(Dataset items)
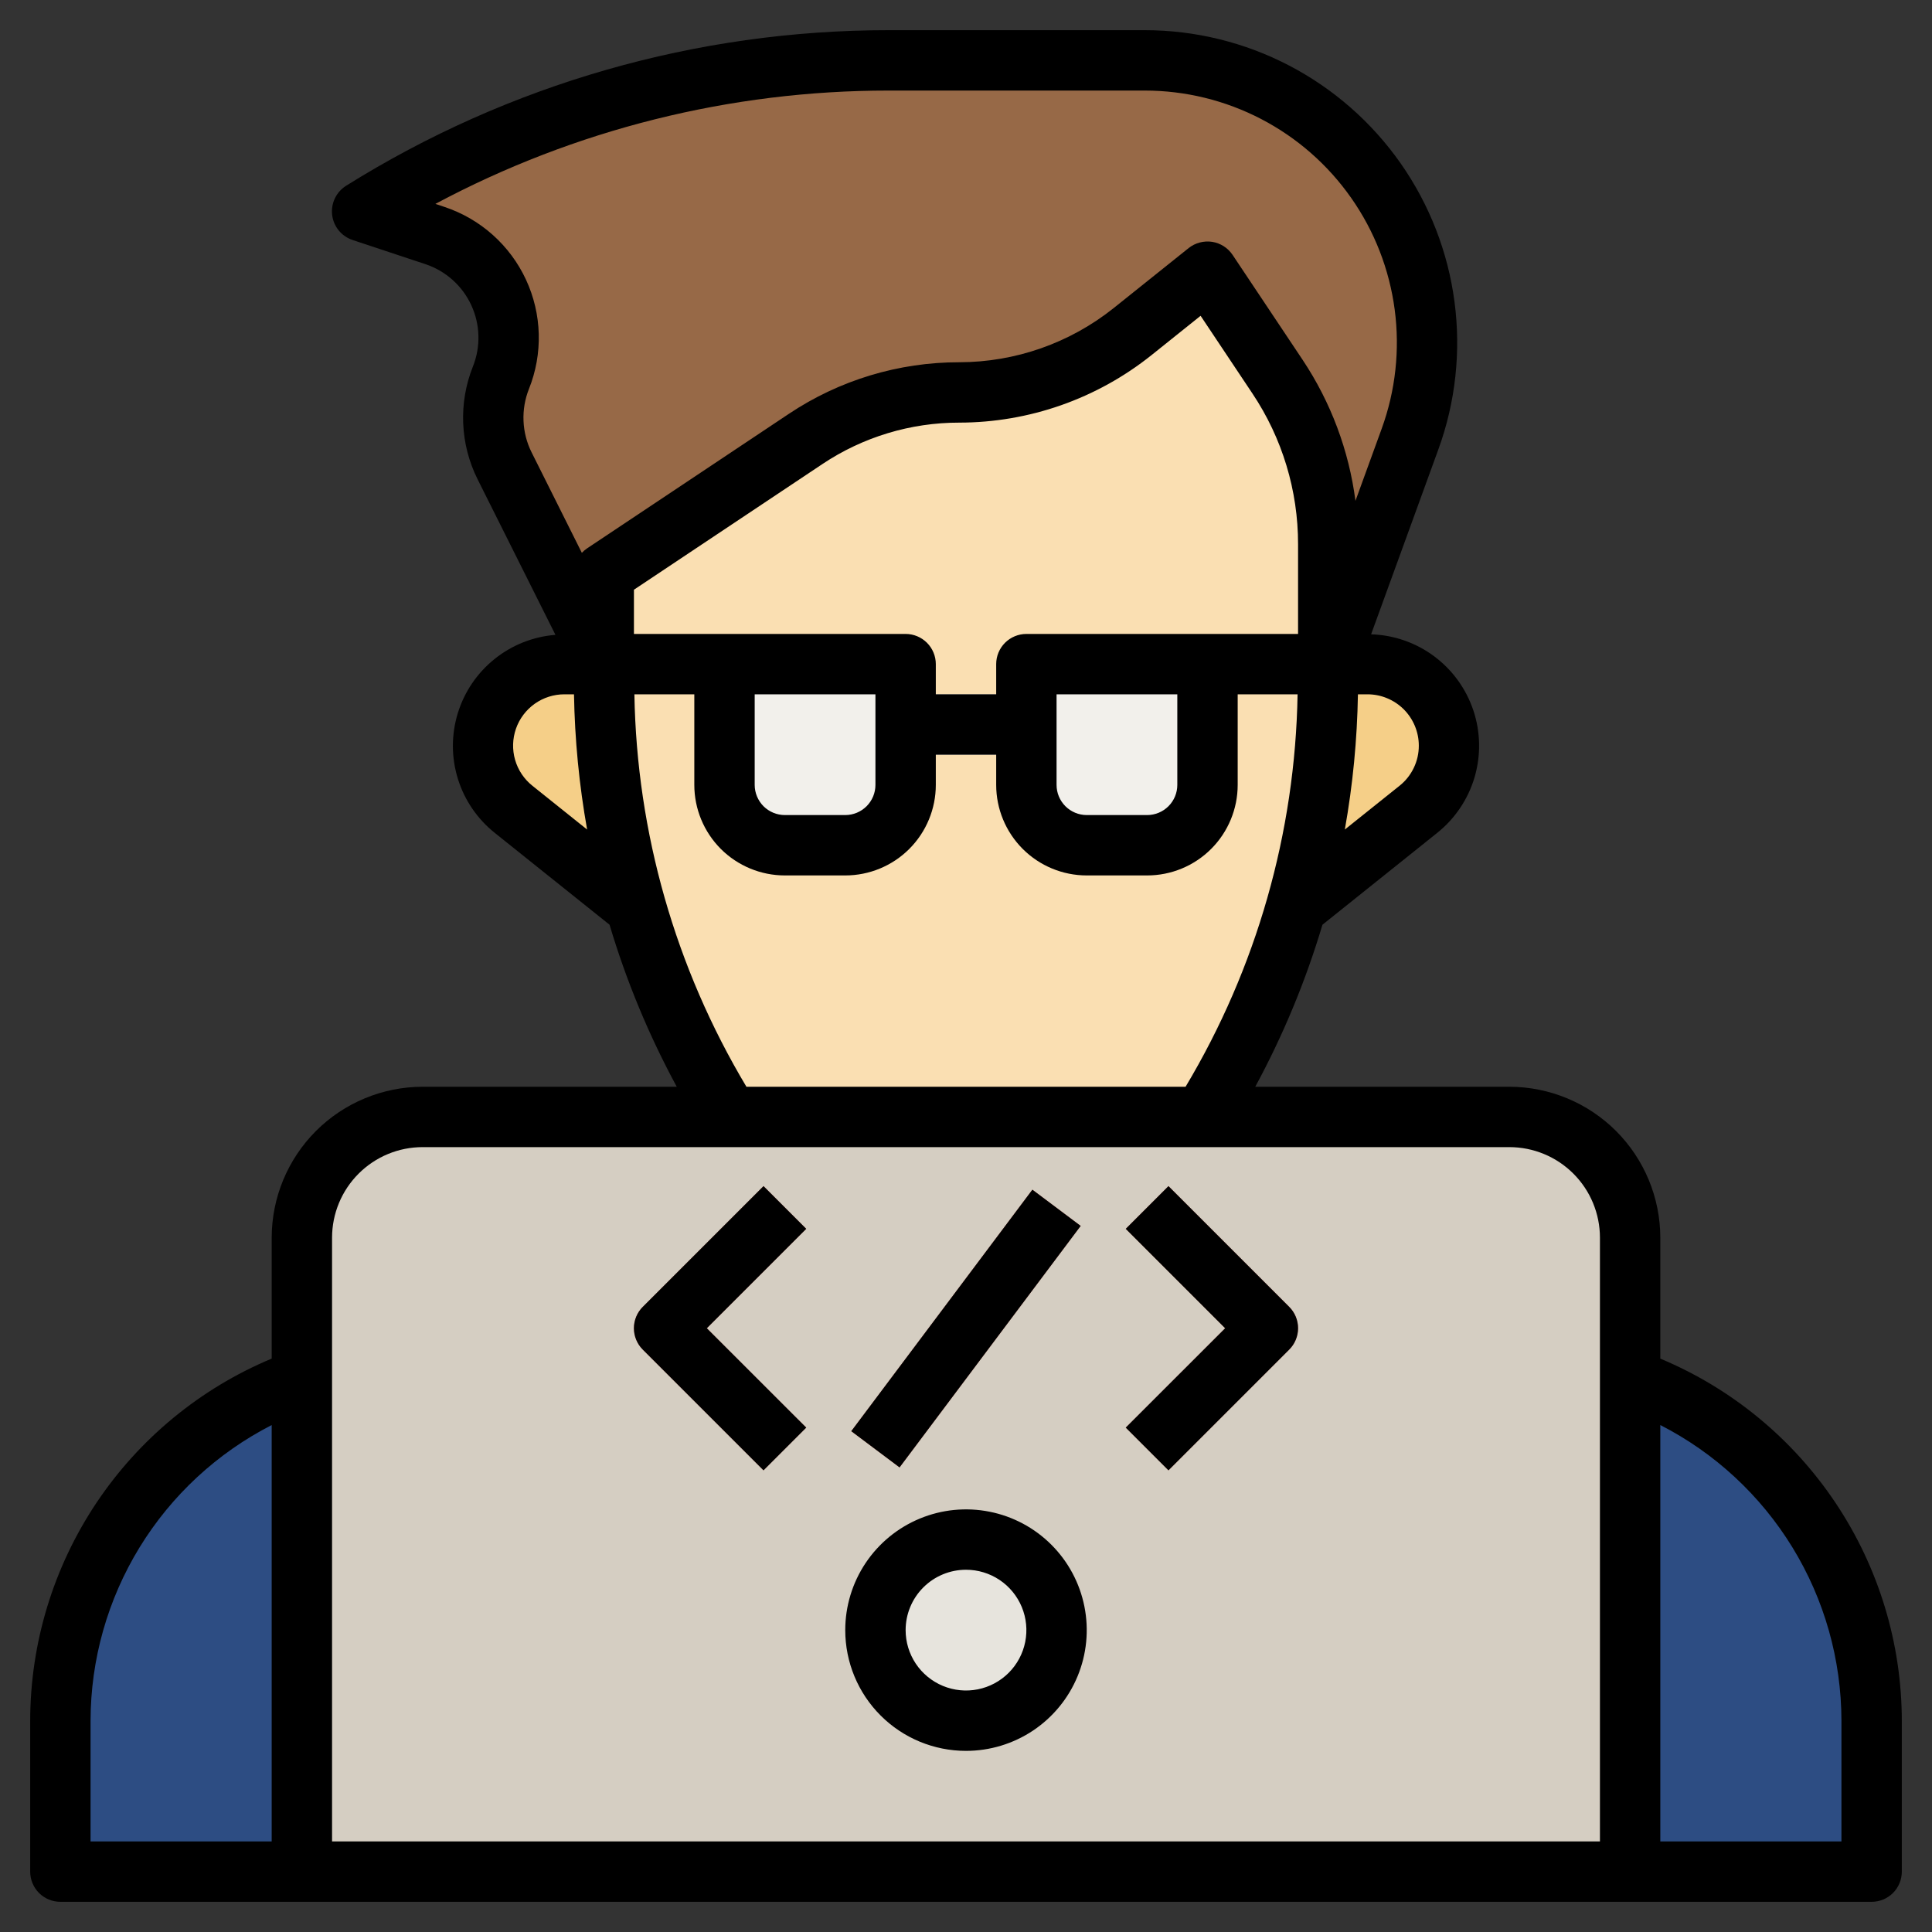 <svg width="72" height="72" viewBox="0 0 72 72" fill="none" xmlns="http://www.w3.org/2000/svg">
<rect x="0" y="0" width="72" height="72" fill="#333333" stroke="none"/>
<path d="M60.75 51.391C63.383 52.321 65.662 54.046 67.274 56.326C68.886 58.606 69.751 61.33 69.75 64.122V69.747H2.25V64.122C2.249 61.33 3.114 58.606 4.726 56.326C6.338 54.046 8.617 52.321 11.25 51.391" fill="#2D4D83"/>
<path d="M27.169 41.625C24.118 36.75 22.5 31.115 22.5 25.364V21.375L30.023 16.36C31.72 15.228 33.713 14.625 35.752 14.625C38.098 14.625 40.373 13.827 42.204 12.361L45 10.125L47.611 14.041C48.843 15.889 49.5 18.061 49.5 20.282V25.364C49.5 31.115 47.882 36.75 44.83 41.625" fill="#FADFB2"/>
<path d="M23.679 33.782C22.897 31.044 22.5 28.211 22.5 25.364V24.75H21.038C20.232 24.75 19.459 25.07 18.89 25.64C18.32 26.209 18 26.982 18 27.788C18 28.243 18.102 28.693 18.3 29.104C18.497 29.515 18.785 29.876 19.141 30.16L23.679 33.779V33.782Z" fill="#F5CF88"/>
<path d="M48.375 33.75L52.859 30.162C53.215 29.878 53.503 29.516 53.7 29.105C53.898 28.694 54 28.244 54 27.788C54 27.389 53.921 26.994 53.768 26.625C53.616 26.257 53.392 25.922 53.11 25.64C52.828 25.358 52.493 25.134 52.124 24.981C51.756 24.829 51.361 24.75 50.962 24.75H49.5V25.364C49.5 28.196 49.107 31.015 48.333 33.739L48.375 33.75Z" fill="#F5CF88"/>
<path d="M49.5 24.75L52.55 16.363C53.48 13.805 53.382 10.985 52.276 8.497C51.45 6.638 50.102 5.058 48.396 3.949C46.69 2.84 44.699 2.25 42.664 2.25H33.113C26.178 2.25 19.382 4.199 13.5 7.875L16.212 8.775C16.732 8.947 17.211 9.224 17.62 9.588C18.029 9.953 18.359 10.397 18.59 10.894C18.82 11.39 18.947 11.929 18.962 12.477C18.976 13.024 18.879 13.569 18.675 14.077C18.465 14.603 18.368 15.168 18.392 15.734C18.415 16.3 18.558 16.855 18.811 17.362L22.5 24.75V21.375L30.023 16.36C31.72 15.228 33.713 14.625 35.752 14.625C38.098 14.625 40.373 13.827 42.204 12.361L45 10.125L47.611 14.041C48.843 15.889 49.5 18.061 49.5 20.282V24.75Z" fill="#976947"/>
<path d="M27 24.75H33.75V29.25C33.75 29.847 33.513 30.419 33.091 30.841C32.669 31.263 32.097 31.5 31.5 31.5H29.25C28.653 31.5 28.081 31.263 27.659 30.841C27.237 30.419 27 29.847 27 29.25V24.75Z" fill="#F2F0EB"/>
<path d="M38.25 24.75H45V29.25C45 29.847 44.763 30.419 44.341 30.841C43.919 31.263 43.347 31.5 42.75 31.5H40.5C39.903 31.5 39.331 31.263 38.909 30.841C38.487 30.419 38.25 29.847 38.25 29.25V24.75Z" fill="#F2F0EB"/>
<path d="M33.75 25.875H38.25V28.125H33.75V25.875Z" fill="#A8B0BC"/>
<path d="M11.25 69.75V46.125C11.25 44.931 11.724 43.787 12.568 42.943C13.412 42.099 14.556 41.625 15.75 41.625H56.25C57.444 41.625 58.588 42.099 59.432 42.943C60.276 43.787 60.75 44.931 60.75 46.125V69.75" fill="#D5CEC2"/>
<path d="M36 64.125C37.864 64.125 39.375 62.614 39.375 60.75C39.375 58.886 37.864 57.375 36 57.375C34.136 57.375 32.625 58.886 32.625 60.75C32.625 62.614 34.136 64.125 36 64.125Z" fill="#E7E4DD"/>
<path d="M28.454 54.795L23.954 50.295C23.849 50.191 23.766 50.066 23.71 49.93C23.653 49.793 23.624 49.647 23.624 49.499C23.624 49.351 23.653 49.205 23.71 49.068C23.766 48.932 23.849 48.808 23.954 48.703L28.454 44.203L30.046 45.795L26.341 49.5L30.046 53.203L28.454 54.795Z" fill="#C66B60"/>
<path d="M43.546 54.795L41.954 53.203L45.659 49.5L41.954 45.795L43.546 44.203L48.046 48.703C48.151 48.808 48.234 48.932 48.29 49.068C48.347 49.205 48.376 49.351 48.376 49.499C48.376 49.647 48.347 49.793 48.29 49.93C48.234 50.066 48.151 50.191 48.046 50.295L43.546 54.795Z" fill="#C66B60"/>
<path d="M31.724 53.336L38.474 44.336L40.274 45.686L33.524 54.686L31.724 53.336Z" fill="#C66B60"/>
<path d="M70.875 64.125C70.871 61.239 70.014 58.419 68.413 56.019C66.812 53.618 64.537 51.744 61.875 50.632V46.125C61.873 44.634 61.28 43.204 60.226 42.149C59.171 41.095 57.741 40.502 56.25 40.5H46.78C47.82 38.579 48.66 36.556 49.284 34.462L53.559 31.04C54.224 30.509 54.709 29.788 54.951 28.973C55.192 28.157 55.178 27.288 54.91 26.481C54.641 25.674 54.132 24.969 53.45 24.46C52.769 23.952 51.947 23.665 51.097 23.639L53.604 16.747C54.244 14.988 54.45 13.101 54.205 11.246C53.961 9.391 53.272 7.622 52.199 6.089C51.125 4.556 49.698 3.305 48.038 2.44C46.378 1.576 44.535 1.125 42.663 1.125H33.113C25.966 1.123 18.963 3.131 12.903 6.92C12.721 7.033 12.575 7.195 12.482 7.388C12.389 7.581 12.353 7.796 12.378 8.009C12.403 8.222 12.489 8.423 12.624 8.589C12.76 8.754 12.94 8.878 13.143 8.945L15.856 9.845C16.229 9.97 16.573 10.169 16.866 10.431C17.16 10.694 17.397 11.013 17.562 11.37C17.728 11.727 17.819 12.115 17.829 12.508C17.84 12.902 17.77 13.293 17.624 13.659C17.355 14.332 17.232 15.055 17.262 15.78C17.292 16.505 17.475 17.215 17.8 17.864L20.7 23.659C19.87 23.725 19.079 24.038 18.43 24.56C17.781 25.081 17.303 25.785 17.06 26.581C16.816 27.378 16.817 28.229 17.064 29.024C17.31 29.819 17.79 30.522 18.441 31.041L22.716 34.462C23.34 36.556 24.18 38.579 25.22 40.5H15.75C14.259 40.502 12.829 41.095 11.774 42.149C10.72 43.204 10.127 44.634 10.125 46.125V50.631C7.462 51.743 5.188 53.617 3.586 56.018C1.985 58.419 1.129 61.239 1.125 64.125V69.75C1.125 70.048 1.244 70.335 1.454 70.546C1.665 70.757 1.952 70.875 2.25 70.875H69.75C70.048 70.875 70.335 70.757 70.546 70.546C70.757 70.335 70.875 70.048 70.875 69.75V64.125ZM45 23.625H38.25C37.952 23.625 37.666 23.744 37.455 23.954C37.243 24.166 37.125 24.452 37.125 24.75V25.875H34.875V24.75C34.875 24.452 34.757 24.166 34.545 23.954C34.334 23.744 34.048 23.625 33.75 23.625H23.625V21.977L30.647 17.295C32.158 16.286 33.935 15.748 35.751 15.75C38.352 15.747 40.874 14.862 42.906 13.24L44.743 11.769L46.674 14.664C47.785 16.326 48.377 18.281 48.375 20.28V23.625H45ZM43.875 25.875V29.25C43.875 29.548 43.757 29.834 43.545 30.046C43.334 30.256 43.048 30.375 42.75 30.375H40.5C40.202 30.375 39.916 30.256 39.705 30.046C39.493 29.834 39.375 29.548 39.375 29.25V25.875H43.875ZM32.625 25.875V29.25C32.625 29.548 32.507 29.834 32.295 30.046C32.084 30.256 31.798 30.375 31.5 30.375H29.25C28.952 30.375 28.666 30.256 28.454 30.046C28.244 29.834 28.125 29.548 28.125 29.25V25.875H32.625ZM52.875 27.788C52.876 28.075 52.812 28.358 52.687 28.617C52.563 28.876 52.382 29.104 52.157 29.283L50.118 30.914C50.415 29.25 50.578 27.565 50.606 25.875H50.962C51.214 25.875 51.462 25.924 51.694 26.021C51.926 26.117 52.137 26.258 52.315 26.435C52.492 26.613 52.633 26.824 52.729 27.056C52.825 27.288 52.875 27.536 52.875 27.788ZM19.713 14.493C19.973 13.843 20.097 13.146 20.078 12.446C20.059 11.746 19.897 11.057 19.602 10.422C19.307 9.787 18.885 9.219 18.363 8.753C17.84 8.286 17.228 7.932 16.563 7.711L16.226 7.598C21.422 4.824 27.223 3.374 33.113 3.375H42.663C44.173 3.375 45.66 3.739 46.999 4.435C48.339 5.132 49.49 6.141 50.356 7.378C51.223 8.614 51.778 10.041 51.976 11.537C52.174 13.034 52.008 14.556 51.492 15.975L50.514 18.665C50.27 16.786 49.596 14.989 48.546 13.412L45.935 9.499C45.848 9.37 45.736 9.26 45.605 9.176C45.473 9.092 45.326 9.036 45.172 9.012C45.018 8.989 44.861 8.998 44.71 9.038C44.56 9.078 44.419 9.148 44.297 9.245L41.501 11.483C39.868 12.786 37.841 13.497 35.751 13.5C33.49 13.498 31.279 14.167 29.398 15.423L21.876 20.438C21.806 20.485 21.741 20.541 21.684 20.603L19.811 16.858C19.629 16.493 19.526 16.094 19.51 15.686C19.493 15.279 19.562 14.872 19.713 14.493ZM19.843 29.284C19.532 29.037 19.306 28.699 19.196 28.317C19.086 27.936 19.098 27.53 19.229 27.155C19.36 26.78 19.605 26.456 19.929 26.226C20.253 25.997 20.64 25.874 21.038 25.875H21.391C21.42 27.565 21.584 29.251 21.88 30.915L19.843 29.284ZM23.642 25.875H25.875V29.25C25.875 30.145 26.231 31.004 26.863 31.637C27.496 32.269 28.355 32.625 29.25 32.625H31.5C32.395 32.625 33.254 32.269 33.886 31.637C34.519 31.004 34.875 30.145 34.875 29.25V28.125H37.125V29.25C37.125 30.145 37.481 31.004 38.114 31.637C38.746 32.269 39.605 32.625 40.5 32.625H42.75C43.645 32.625 44.504 32.269 45.136 31.637C45.769 31.004 46.125 30.145 46.125 29.25V25.875H48.357C48.269 31.031 46.83 36.074 44.183 40.5H27.817C25.17 36.074 23.73 31.031 23.642 25.875ZM15.75 42.75H56.25C57.145 42.75 58.004 43.106 58.636 43.739C59.269 44.371 59.625 45.23 59.625 46.125V68.625H12.375V46.125C12.375 45.23 12.731 44.371 13.364 43.739C13.996 43.106 14.855 42.75 15.75 42.75ZM3.375 64.125C3.378 61.846 4.01 59.611 5.201 57.667C6.392 55.724 8.096 54.146 10.125 53.108V68.625H3.375V64.125ZM68.625 68.625H61.875V53.107C63.904 54.145 65.608 55.723 66.799 57.667C67.99 59.611 68.622 61.845 68.625 64.125V68.625Z" fill="black"/>
<path d="M36 65.25C36.89 65.25 37.76 64.986 38.5 64.492C39.24 63.997 39.817 63.294 40.157 62.472C40.498 61.65 40.587 60.745 40.413 59.872C40.24 58.999 39.811 58.197 39.182 57.568C38.553 56.939 37.751 56.51 36.878 56.337C36.005 56.163 35.1 56.252 34.278 56.593C33.456 56.933 32.753 57.51 32.258 58.25C31.764 58.99 31.5 59.86 31.5 60.75C31.5 61.944 31.974 63.088 32.818 63.932C33.662 64.776 34.806 65.25 36 65.25ZM36 58.5C36.445 58.5 36.88 58.632 37.25 58.879C37.62 59.126 37.908 59.478 38.079 59.889C38.249 60.3 38.294 60.752 38.207 61.189C38.12 61.625 37.906 62.026 37.591 62.341C37.276 62.656 36.875 62.87 36.439 62.957C36.002 63.044 35.55 62.999 35.139 62.829C34.728 62.658 34.376 62.37 34.129 62C33.882 61.63 33.75 61.195 33.75 60.75C33.75 60.153 33.987 59.581 34.409 59.159C34.831 58.737 35.403 58.5 36 58.5Z" fill="black"/>
<path d="M28.454 54.795L30.046 53.203L26.341 49.5L30.046 45.795L28.454 44.203L23.954 48.703C23.849 48.808 23.766 48.932 23.71 49.068C23.653 49.205 23.624 49.351 23.624 49.499C23.624 49.647 23.653 49.793 23.71 49.93C23.766 50.066 23.849 50.191 23.954 50.295L28.454 54.795Z" fill="black"/>
<path d="M43.545 54.795L48.045 50.295C48.15 50.191 48.233 50.066 48.289 49.93C48.346 49.793 48.375 49.647 48.375 49.499C48.375 49.351 48.346 49.205 48.289 49.068C48.233 48.932 48.15 48.808 48.045 48.703L43.545 44.203L41.953 45.795L45.658 49.5L41.953 53.203L43.545 54.795Z" fill="black"/>
<path d="M31.724 53.336L38.474 44.336L40.274 45.686L33.524 54.686L31.724 53.336Z" fill="black"/>
</svg>

- [Description of the task]: Only the lines from where the data begins to the line with "33.75L52.859 30.162C53.215 29.878", both of them included, should be reproduced word for word; no pictures.

- [Answer to this task]:
 <svg width="72" height="72" viewBox="0 0 72 72" fill="none" xmlns="http://www.w3.org/2000/svg">
<rect x="0" y="0" width="72" height="72" fill="#333333" stroke="none"/>
<path d="M60.75 51.391C63.383 52.321 65.662 54.046 67.274 56.326C68.886 58.606 69.751 61.33 69.75 64.122V69.747H2.25V64.122C2.249 61.33 3.114 58.606 4.726 56.326C6.338 54.046 8.617 52.321 11.25 51.391" fill="#2D4D83"/>
<path d="M27.169 41.625C24.118 36.75 22.5 31.115 22.5 25.364V21.375L30.023 16.36C31.72 15.228 33.713 14.625 35.752 14.625C38.098 14.625 40.373 13.827 42.204 12.361L45 10.125L47.611 14.041C48.843 15.889 49.5 18.061 49.5 20.282V25.364C49.5 31.115 47.882 36.75 44.83 41.625" fill="#FADFB2"/>
<path d="M23.679 33.782C22.897 31.044 22.5 28.211 22.5 25.364V24.75H21.038C20.232 24.75 19.459 25.07 18.89 25.64C18.32 26.209 18 26.982 18 27.788C18 28.243 18.102 28.693 18.3 29.104C18.497 29.515 18.785 29.876 19.141 30.16L23.679 33.779V33.782Z" fill="#F5CF88"/>
<path d="M48.375 33.75L52.859 30.162C53.215 29.878 53.503 29.516 53.7 29.105C53.898 28.694 54 28.244 54 27.788C54 27.389 53.921 26.994 53.768 26.625C53.616 26.257 53.392 25.922 53.11 25.64C52.828 25.358 52.493 25.134 52.124 24.981C51.756 24.829 51.361 24.75 50.962 24.75H49.5V25.364C49.5 28.196 49.107 31.015 48.333 33.739L48.375 33.75Z" fill="#F5CF88"/>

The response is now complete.